The foregoing full statement of the case obviates the necessity of any lengthy discussion of defendant’s three contentions.

(1) In support of his first contention the defendant relies solely on the quotation in Aguilar v. Texas, 1964, 378 U.S. 108, 111, 84 S.Ct. 1509, 12 L.Ed. 2d 723, from the opinion in Johnson v. United States, 1948, 333 U.S. 10, 13-14, 68 S.Ct. 367, 369, 92 L.Ed. 436:

“ ‘The point of the Fourth Amendment, which often is not grasped by zealous officers, is not that it denies law enforcement the support of the usual inferences which reasonable men draw from evidence. Its protection consists in requiring that those inferences be drawn by a neutral and detached magistrate instead of being judged by the officer engaged in the often competitive enterprise of ferreting out crime.’ ”

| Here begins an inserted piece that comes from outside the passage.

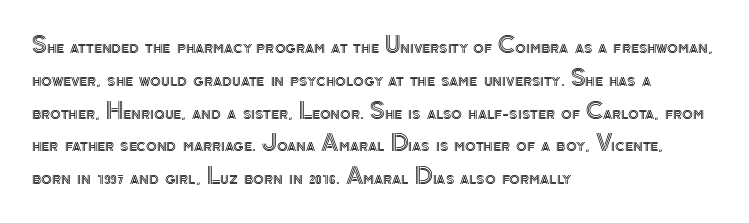
Q: Is the text italic (slanted)? A: No, it is upright.
Q: Is the text underlined? A: No.
Q: How is the paragraph aligned? A: Left-aligned.
Q: Is the spacing between letters normal or unusually wide? A: Normal.
Q: Is the spacing between lines tight, normal or loose? A: Normal.

The fact that the Commissioner accompanied the officers on the raid is not sufficient to impugn his neutrality or detachment. His act was somewhat similar to visits often made by judges to places of imprisonment. It may indeed be a healthy interest on the part of a judge or magistrate actually to see the manner in which his orders are carried out. The proof does not remotely indicate that, in issuing the search warrant, the Commissioner did not act as a neutral and detached magistrate.

(2) No discussion is necessary to demonstrate that the evidence in this case was substantial, indeed ample, to support a verdict of guilty.

(3) The defendant urges that remarks of the Trial Judge during the testimony and in his charge deprived him of a fair and impartial trial. While some of the Judge’s comments were not phrased in customary judicial language, they drew no objection from the defendant’s counsel.

The Judge carefully charged the jury that “ * * * you as jurors are the sole judges of the facts. * * * ” We think that the Judge’s most damaging comment was:

“You heard the facts. I am entitled to comment on that and that is my comment that the evidence does show a violation of every one of those statutes, but you are at liberty to disregard my comments on the evidence. I am entitled to comment but you are entitled to disregard my comment but my comments are intended for your help and to assist you in a proper performance of your duty.”

Under all of the facts and circumstances of this case, we find no miscarriage of justice and no plain error.

The judgment is Affirmed. 
      
      . Pursuant to 18 U.S.C. § 4208(a) (2).
     
      
      . See Glasser v. United States, 1942, 315 U.S. 60, 80, 62 S.Ct. 457, 86 L.Ed. 680; Riggs v. United States, 5 Cir. 1960, 280 F.2d 949, 955. The jury could reasonably conclude that the evidence excluded every reasonable hypothesis except that of guilt. Vick v. United States, 5 Cir. 1954, 216 F.2d 228, 232.
     
      
      . The only objection was that made to the Judge’s charge, supra, and there is no particular insistence upon that objection.
     
      
      . See Rule 52, Fed.B.Crim.P.; United States v. Campbell and Free, 5 Cir. 1969, 419 F.2d 1144 (decided Dec. 2, 1969).